**Study material:**
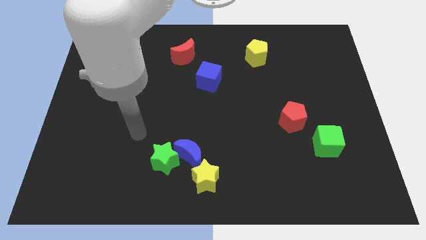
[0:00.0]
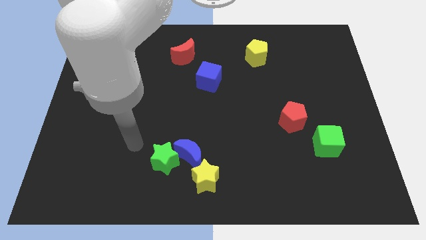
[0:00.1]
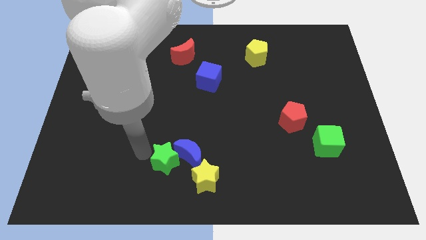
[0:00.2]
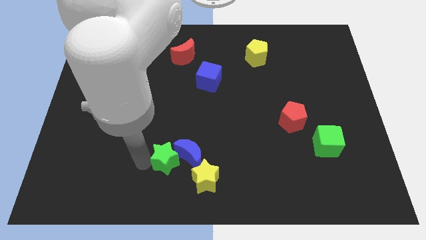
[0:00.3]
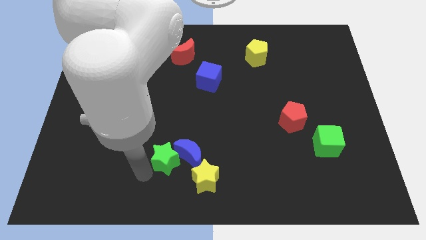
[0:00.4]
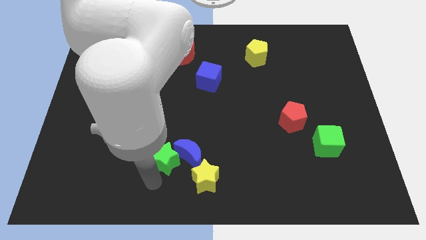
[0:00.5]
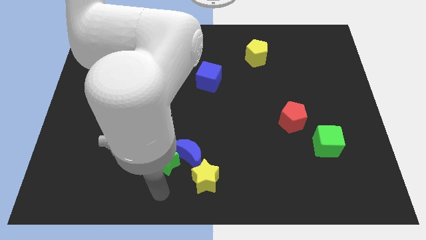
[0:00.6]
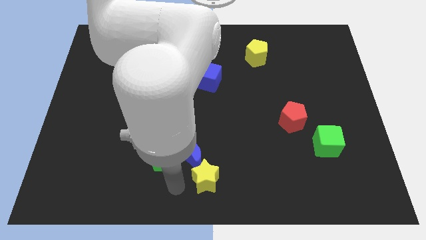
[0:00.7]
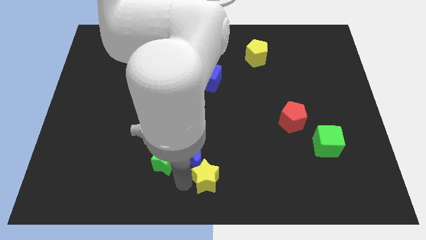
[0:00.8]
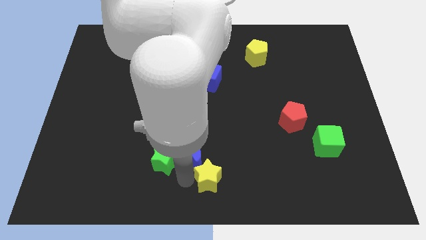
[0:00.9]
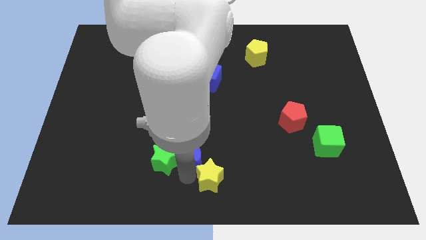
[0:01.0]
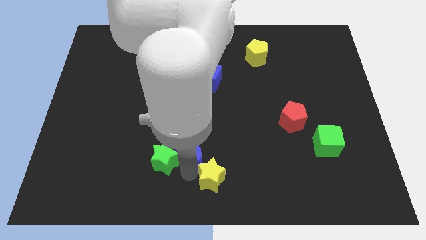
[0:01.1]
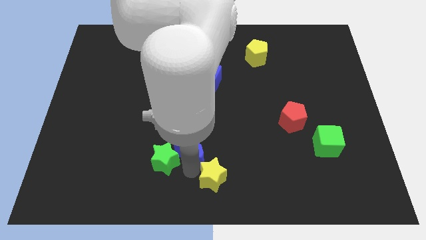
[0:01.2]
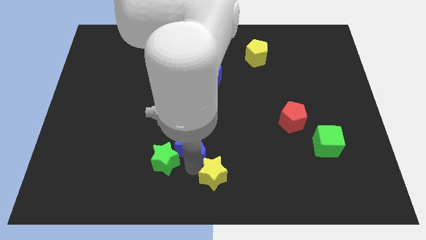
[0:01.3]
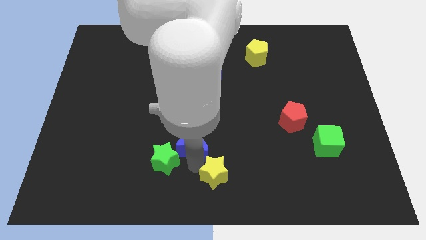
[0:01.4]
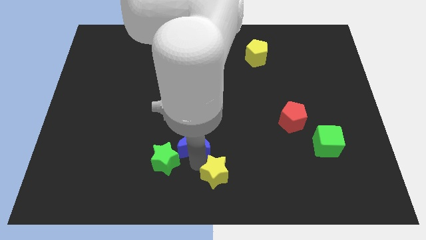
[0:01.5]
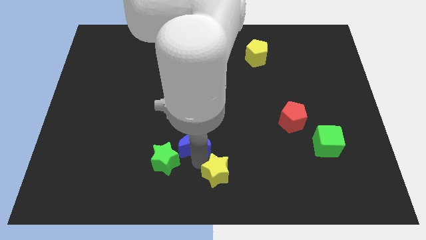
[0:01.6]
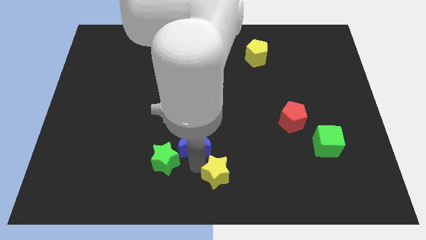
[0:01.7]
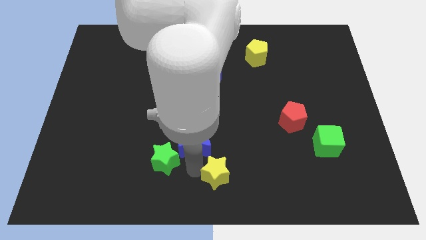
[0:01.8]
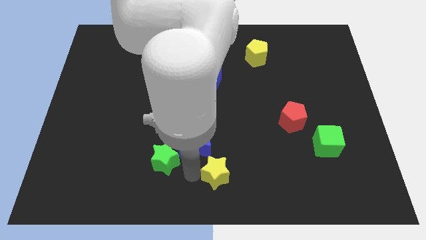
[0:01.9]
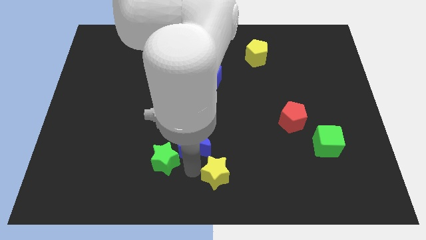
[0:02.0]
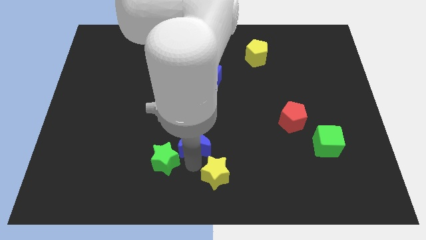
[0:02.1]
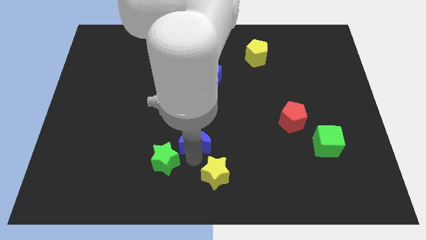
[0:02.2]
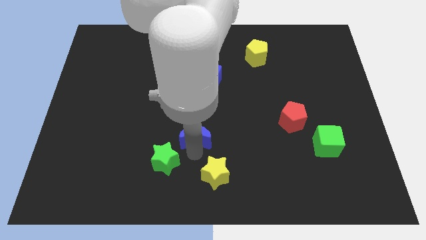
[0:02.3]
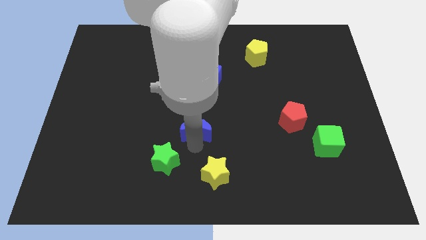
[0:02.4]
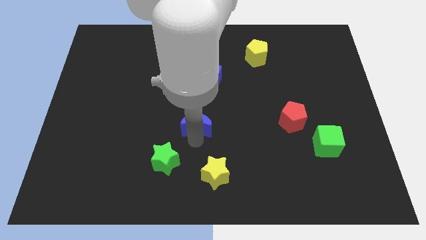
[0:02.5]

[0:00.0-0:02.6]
move the blue moon away from the green star and yellow star

**Your assignment:** Drop the pictures; repeat each entry above exactly.

**Task answer:**
[0:00.0]
[0:00.1]
[0:00.2]
[0:00.3]
[0:00.4]
[0:00.5]
[0:00.6]
[0:00.7]
[0:00.8]
[0:00.9]
[0:01.0]
[0:01.1]
[0:01.2]
[0:01.3]
[0:01.4]
[0:01.5]
[0:01.6]
[0:01.7]
[0:01.8]
[0:01.9]
[0:02.0]
[0:02.1]
[0:02.2]
[0:02.3]
[0:02.4]
[0:02.5]

[0:00.0-0:02.6]
move the blue moon away from the green star and yellow star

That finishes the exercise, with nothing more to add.